A line qualifies if it holds the string "with". Copy every qualifying line from the records.

═════ Supplied information ═════

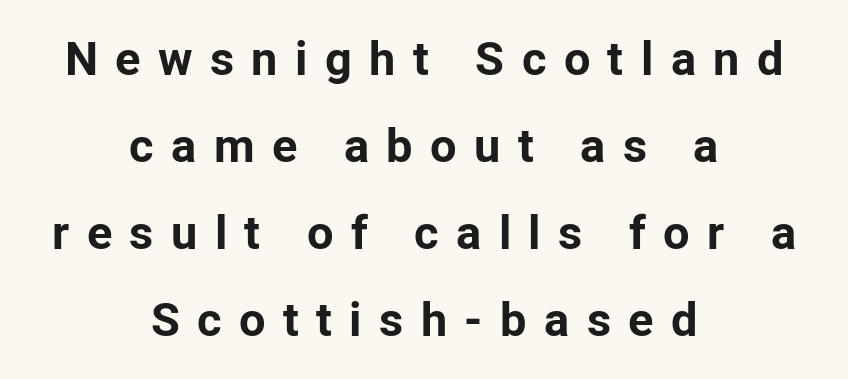
Q: Is the text bold? A: Yes.
Q: Is the text italic (slanted)? A: No, it is upright.
Q: Is the typeface a serif or a sans-serif typeface? A: Sans-serif.
Q: Is the text underlined? A: No.
Q: How is the paragraph aligned? A: Centered.
Q: Is the spacing between letters normal or unusually wide? A: Unusually wide.
Q: Width (condensed, normal, or wide)? A: Normal.
Q: Stroke contrast? A: Low.
Q: x-height? A: Medium.
Q: Monospaced? A: No.
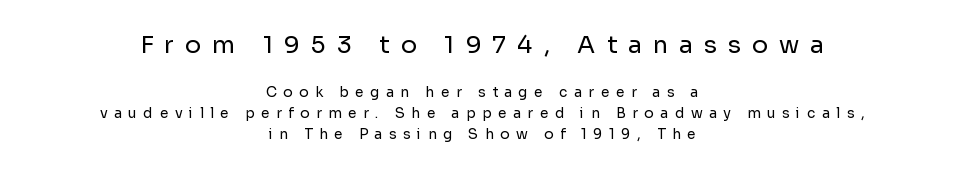
The letters stand straight up with perfectly vertical stems. A centered setting, common on invitations and titles, is used for this passage. The gaps between neighbouring characters are conspicuously large. Which chunk is bigger? The first one — the top block dwarfs the bottom. Weight class: somewhere from thin through regular. Quick note: underline off.
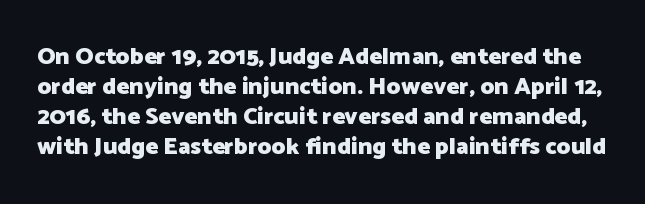
{"italic": "no", "bold": "yes", "underline": "no", "line_spacing": "normal", "line_spacing_ratio": 1.25, "letter_spacing": "normal", "letter_spacing_em": 0.0, "glyph_px": 24}
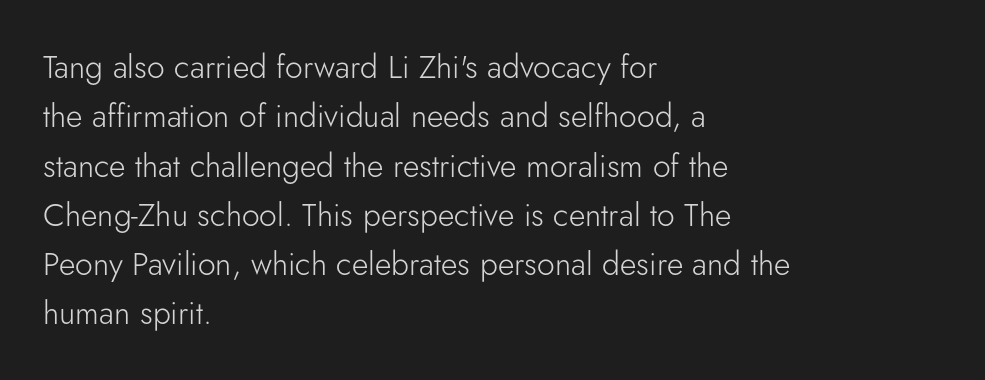
Is this a fixed-width face? No — the glyphs have proportional, varying widths. Serifs: no, the terminals of the letterforms are clean. Tall strokes in this sample are plumb rather than angled. Stems and bowls with no extra thickness — not bold.

═════

- [Your response]
The letters stand straight up with perfectly vertical stems. A centered setting, common on invitations and titles, is used for this passage. The gaps between neighbouring characters are conspicuously large. Which chunk is bigger? The first one — the top block dwarfs the bottom. Weight class: somewhere from thin through regular. Quick note: underline off.
Is this a fixed-width face? No — the glyphs have proportional, varying widths. Serifs: no, the terminals of the letterforms are clean. Tall strokes in this sample are plumb rather than angled. Stems and bowls with no extra thickness — not bold.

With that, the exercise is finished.